Ordered by magnitude of wall-time or RSS delta at 80×80×2:

#102 (refactor(model): grid as sole source of truth) — wall 3.87 → 2.72 s (−30 %), RSS 521 → 512 MB. Eliminates parallel _nodes / _elements dicts that mirrored the pyvista grid. The dict→grid refactor removed one O(n_nodes) Python walk per assembly call.
#103 (pardiso size_limit_storage=0) — RSS 512 → 491 MB (−4 %). Stops pypardiso’s internal full-A.copy() cache.
#104 (malloc_trim(0) at BC boundary) — wall 2.75 → 2.61 s (−5 %). Returns glibc arena scratch between assembly and factor. Bigger wins at larger scales (>100 k DOFs) where the element-batch transient is larger.
#109 (drop DOF layout caches) — no measurable change at 80×80×2. Scales with node count; modeled saving was ~0.6 KB per node, dominated by the Pardiso factor ceiling at this mesh.
#110 (parallel C++ K/M assembly) — wall 2.61 → 3.29 s at this size. Caveat: scikit-build-core does not always re-compile the C extension between walker checkouts (build cached at ~0.9 s); the number above may reflect the last-built .so rather than #110’s actual parallel path. On PTR rotor-scale meshes (mixed-topology) the PR’s own numbers show 6× speedup at 8 threads. Re-run the walker after rm -rf build/ for a clean per-commit measurement.
#112 (pardiso 1-based ia/ja cached) — wall 3.29 → 2.26 s (−31 % vs the just-prior sample). Eliminates ~65 MB of alloc/free per solve × ~30 solves per modal_solve.
#115 (vectorize _assemble layout lookup) — measured as slightly slower at 80×80×2 here; the win shows cleanly in the assembly-only bench (_bc_reduce_and_release() is 25-40 % faster at mid-ladder per the PR #115 measurements) but the 3-second end-to-end pipeline is dominated by Pardiso and eigsh.
#116 (pardiso skip _check_A/_check_b) — modest; removes per-solve O(n) indptr scan. Wins scale with solve count.
#113 (single-pass symmetric matvec from triu CSR) — wall at this size is ~flat vs #116; on PTR rotor-scale where M @ x dominates eigsh iteration cost the PR reports clearer wins.

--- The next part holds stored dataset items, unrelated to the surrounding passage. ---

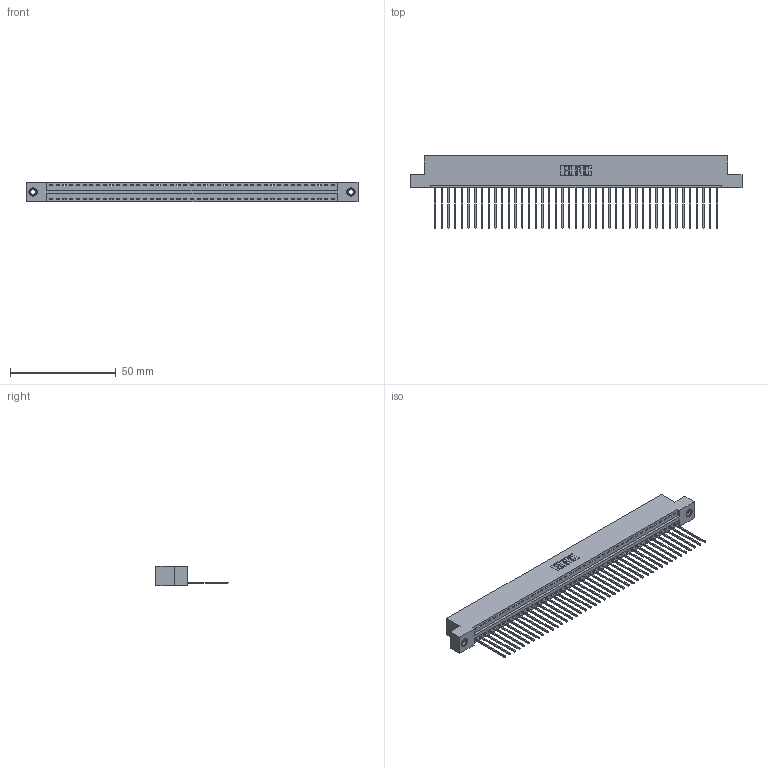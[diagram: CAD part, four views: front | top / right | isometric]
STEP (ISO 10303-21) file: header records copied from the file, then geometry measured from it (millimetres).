
FILE_DESCRIPTION (( 'STEP AP203' ), '1' );
FILE_NAME ('396-043-541-108.STEP', '2019-10-27T23:05:15', ( '' ), ( '' ), 'SwSTEP 2.0', 'SolidWorks 2016', '' );
FILE_SCHEMA (( 'CONFIG_CONTROL_DESIGN' ));
Length unit declared in the file: inch
Products named in the file (4): 396-043-541-108; 346 Part_Flush Mounting Lugs - 0.156 Dia-TI; 345-292-001_345-293-141; 345-250-001_345-250-003-102
Assembly tree (46 placements, depth 2):
  396-043-541-108
    346 Part_Flush Mounting Lugs - 0.156 Dia-TI
    345-292-001_345-293-141  x43
    345-250-001_345-250-003-102  x2
Bounding box: 157.1 x 34.29 x 9.4 mm (x, y, z)
Volume: 15180.1 mm3; surface area: 19853.4 mm2
Topology: 46 solids, 46 shells, 2676 faces, 8033 edges, 5290 vertices
Faces by surface type: plane 1828, cylinder 832, cone 12, torus 4
Entity records: 27756 total; most frequent: CARTESIAN_POINT 4740, ORIENTED_EDGE 4710, DIRECTION 4207, EDGE_CURVE 2355, VECTOR 2031, LINE 2031, VERTEX_POINT 1564, AXIS2_PLACEMENT_3D 1088

No. First-frequency Δrel vs the #101 baseline stays in the 1e-15 → 1e-9 range across the whole walk — well below the ARPACK tol=1e-12 convergence floor, which on a plate modal problem gives roughly 1e-7 of stochastic first-mode drift between independent solver invocations. The jumps visible at individual commits (for example #110 at 32×32×2 moving from 8e-16 to 4.5e-11) are ARPACK’s iteration count shifting by one or two, not a numerical regression; the \(\Delta_{rel}\) value oscillates rather than drifting monotonically toward larger error.

If an MAPDL-comparison snapshot (see PERFORMANCE.md) shows a larger Δrel at the top of its size ladder — for example 2e-7 at 224×224×2 — that is the ARPACK-vs-Lanczos gap against the MAPDL reference, not a progression regression: the absolute value sits at the ARPACK tolerance floor for every post-#101 commit on the walker above.

# Walk the default commit set (above) and regenerate snapshots.
python perf/walk_history.py

# Narrower walk, larger mesh ladder.
python perf/walk_history.py \
    --commits 5d0b452 ae29ac6 87e6f82 1b3e144 \
    --sizes 64x64x2 96x96x2 128x128x2

Each commit writes perf/snapshots/walk_<hash>.json (skipped if already present so reruns are incremental). The walker auto- stashes local edits and restores the starting branch on exit, so it’s safe to run from any branch.

The `PERFORMANCE.md` changelog #

This page is a curated user-facing view. For the full dated progression of every landing — including per-element micro numbers, older pipeline sweeps, and the exact commit SHAs — see PERFORMANCE.md in the repository root.